Sie sind auf Seite 1von 1

First Integrated Bonding and Insurance Company, Inc., vs. Hon.

Harold Hernando
(G.R. No. L-51221, July 31, 1991)

Topic : Casualty Insurance; Compulsory motor vehicle liability; Third party suit against insurer

FACTS :
 Silverio Blanco was the owner of a passenger jeepney which he insured against liabilities
for death and injuries to third persons with First Integrated Bonding and Insurance
Company, Inc. for P30,000.00.
 The said jeepney driven by Blanco himself bumped a five-year old child, Deogracias
Advincula, causing the latter's death.
 The boy’s parents filed a complaint for damages against Blanco and First Insurance.
Summons were served on Silverio Blanco and First Insurance. However, only Blanco filed
an answer. Upon motion of the Advincula spouses, First Insurance was declared in default.
 Thereafter, a pre-trial conference was conducted where the Advincula spouses presented
their documentary evidence.
 On the basis of the evidence presented by the Advincula spouses, judgment was rendered
by the trial court which adjudicates a total amount of P 30,000.00 in favor of the palintiff
which must be satisfied independently by the defendant First Integrated Bonding and
Insurance Company, Inc.
 The Insurance company filed a petition for certiorari contending that the victim’s parents
have no cause of action against it because they are not parties to the insurance contract and
that they may only proceed against the driver based on the provisions of the New Civil
Code.

ISSUE : Whether or not an injured party for whom the contract of insurance is intended can sue
directly the insurer.

HELD : YES. The injured for whom the contract of insurance is intended can sue directly the
insurer.
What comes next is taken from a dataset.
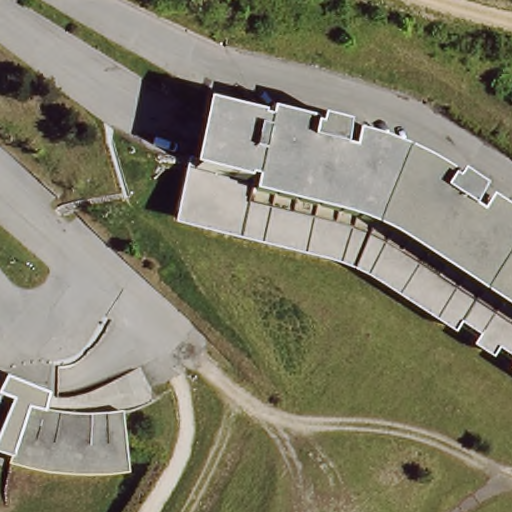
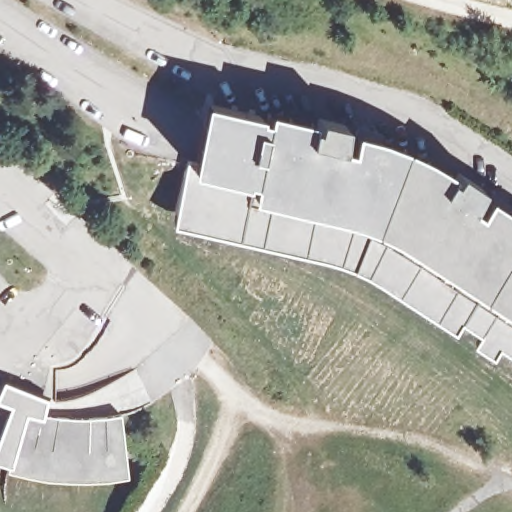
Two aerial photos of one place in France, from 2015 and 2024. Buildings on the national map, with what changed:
unchanged [(220,106),(270,116),(270,120),(278,120),(280,116),(329,126),(331,120),(355,126),(350,150),(362,150),(367,136),(401,149),(428,159),(451,172),(465,181),(469,175),(490,190),(478,209),(489,212),(497,204),(512,213),(512,351),(490,335),(442,307),(410,285),(392,275),(376,266),(357,261),(326,252),(240,231),(185,217),(197,161),(207,162),(220,106)]
unchanged [(45,406),(41,426),(67,428),(84,427),(100,427),(119,425),(124,475),(95,476),(72,476),(56,475),(39,474),(20,470),(0,463),(0,392),(1,390),(45,406)]

The general purpose of statutes enabling an injured person to proceed directly against the
insurer is to protect injured persons against the insolvency of the insured who causes such injury,
and to give such injured person a certain beneficial interest in the proceeds of the policy, and
statutes are to be liberally construed so that their intended purpose may be accomplished. It has
even been held that such a provision creates a contractual relation which inures to the benefit of
any and every person who may be negligently injured by the named insured as if such injured
person were specifically named in the policy.